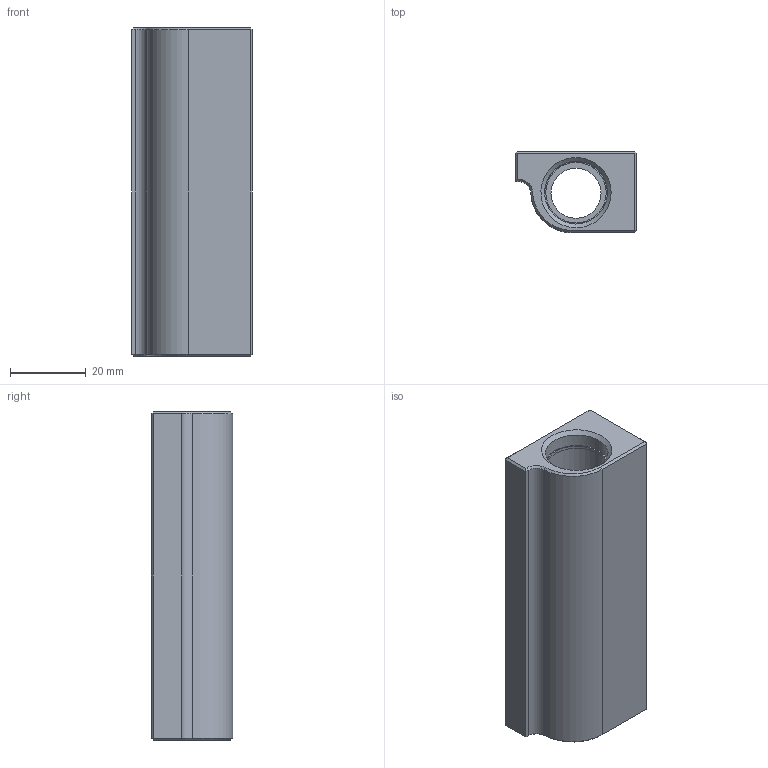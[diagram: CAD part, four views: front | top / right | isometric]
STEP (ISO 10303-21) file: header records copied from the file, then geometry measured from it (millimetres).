
FILE_DESCRIPTION(('FreeCAD Model'),'2;1');
FILE_NAME('double-bearing-holder_black_v1.step', '2017-11-29T09:12:09',('Author'),(''), 'Open CASCADE STEP processor 6.9','FreeCAD','Unknown');
FILE_SCHEMA(('AUTOMOTIVE_DESIGN { 1 0 10303 214 1 1 1 1 }'));
Length unit declared in the file: millimetre
Products named in the file (1): RefinedFinal
Bounding box: 32 x 21.5 x 87 mm (x, y, z)
Volume: 33322.3 mm3; surface area: 14720.1 mm2
Topology: 1 solids, 1 shells, 69 faces, 143 edges, 83 vertices
Faces by surface type: plane 38, cylinder 15, cone 12, bspline 4
Full cylindrical faces by diameter (mm): 2.5 x4, 4.3 x4, 4.7 x1, 10 x1, 13.24 x1, 16 x1, 16.6 x2
Entity records: 5149 total; most frequent: CARTESIAN_POINT 2262, DIRECTION 512, ORIENTED_EDGE 286, PCURVE 286, DEFINITIONAL_REPRESENTATION 286, LINE 273, VECTOR 273, EDGE_CURVE 143
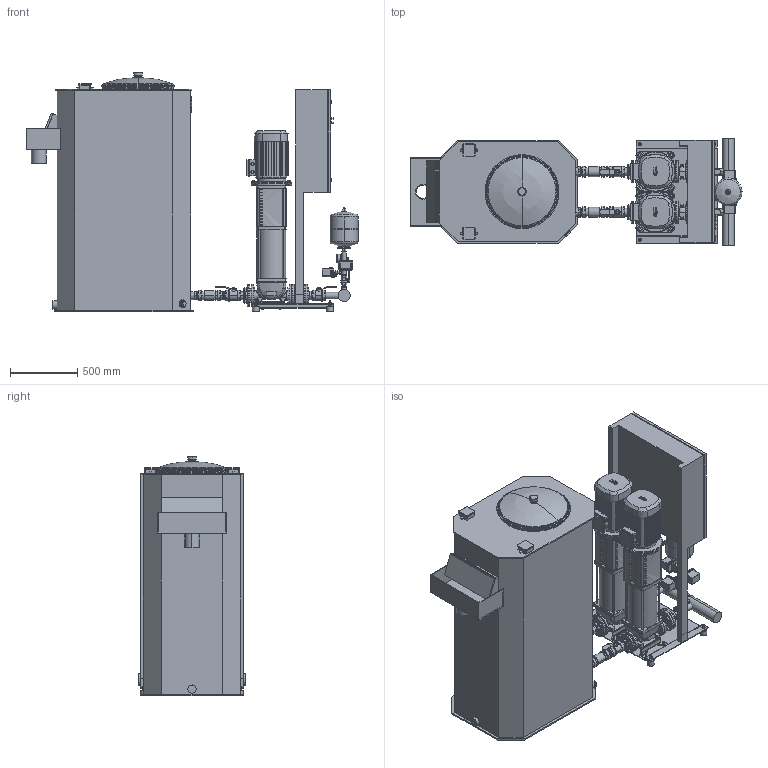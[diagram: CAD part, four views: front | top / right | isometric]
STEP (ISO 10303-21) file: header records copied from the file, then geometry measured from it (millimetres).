
FILE_DESCRIPTION((''),'2;1');
FILE_NAME('3d_FLACompact-2HELIXV2207DS16-2540142.stp','2016-01-25T12:58:25',(''),(''),'Mechanical Desktop 2009','Mechanical Desktop 2009',', , ');
FILE_SCHEMA(('CONFIG_CONTROL_DESIGN'));
Length unit declared in the file: millimetre
Products named in the file (1): Product
Bounding box: 2460 x 800 x 1775 mm (x, y, z)
Volume: 1384776549.2 mm3; surface area: 18914301.3 mm2
Topology: 145 solids, 145 shells, 5011 faces, 12526 edges, 8081 vertices
Faces by surface type: plane 1826, bspline 1785, cylinder 1005, cone 201, torus 188, sphere 6
Entity records: 168002 total; most frequent: CARTESIAN_POINT 50373, ORIENTED_EDGE 25036, DIRECTION 22789, EDGE_CURVE 12518, VERTEX_POINT 8081, VECTOR 7831, LINE 7831, AXIS2_PLACEMENT_3D 7479

◇ ◇ ◇

» **Exercise details**: Retype every record above exactly as written, but leave out the pictures.

» **Answer to the problem**:
[diagram: CAD part, four views: front | top / right | isometric]
STEP (ISO 10303-21) file: header records copied from the file, then geometry measured from it (millimetres).
FILE_DESCRIPTION(('FreeCAD Model'),'2;1');
FILE_NAME('double-bearing-holder_black_v1.step', '2017-11-29T09:12:09',('Author'),(''), 'Open CASCADE STEP processor 6.9','FreeCAD','Unknown');
FILE_SCHEMA(('AUTOMOTIVE_DESIGN { 1 0 10303 214 1 1 1 1 }'));
Length unit declared in the file: millimetre
Products named in the file (1): RefinedFinal
Bounding box: 32 x 21.5 x 87 mm (x, y, z)
Volume: 33322.3 mm3; surface area: 14720.1 mm2
Topology: 1 solids, 1 shells, 69 faces, 143 edges, 83 vertices
Faces by surface type: plane 38, cylinder 15, cone 12, bspline 4
Full cylindrical faces by diameter (mm): 2.5 x4, 4.3 x4, 4.7 x1, 10 x1, 13.24 x1, 16 x1, 16.6 x2
Entity records: 5149 total; most frequent: CARTESIAN_POINT 2262, DIRECTION 512, ORIENTED_EDGE 286, PCURVE 286, DEFINITIONAL_REPRESENTATION 286, LINE 273, VECTOR 273, EDGE_CURVE 143
[diagram: CAD part, four views: front | top / right | isometric]
STEP (ISO 10303-21) file: header records copied from the file, then geometry measured from it (millimetres).
FILE_DESCRIPTION((''),'2;1');
FILE_NAME('3d_FLACompact-2HELIXV2207DS16-2540142.stp','2016-01-25T12:58:25',(''),(''),'Mechanical Desktop 2009','Mechanical Desktop 2009',', , ');
FILE_SCHEMA(('CONFIG_CONTROL_DESIGN'));
Length unit declared in the file: millimetre
Products named in the file (1): Product
Bounding box: 2460 x 800 x 1775 mm (x, y, z)
Volume: 1384776549.2 mm3; surface area: 18914301.3 mm2
Topology: 145 solids, 145 shells, 5011 faces, 12526 edges, 8081 vertices
Faces by surface type: plane 1826, bspline 1785, cylinder 1005, cone 201, torus 188, sphere 6
Entity records: 168002 total; most frequent: CARTESIAN_POINT 50373, ORIENTED_EDGE 25036, DIRECTION 22789, EDGE_CURVE 12518, VERTEX_POINT 8081, VECTOR 7831, LINE 7831, AXIS2_PLACEMENT_3D 7479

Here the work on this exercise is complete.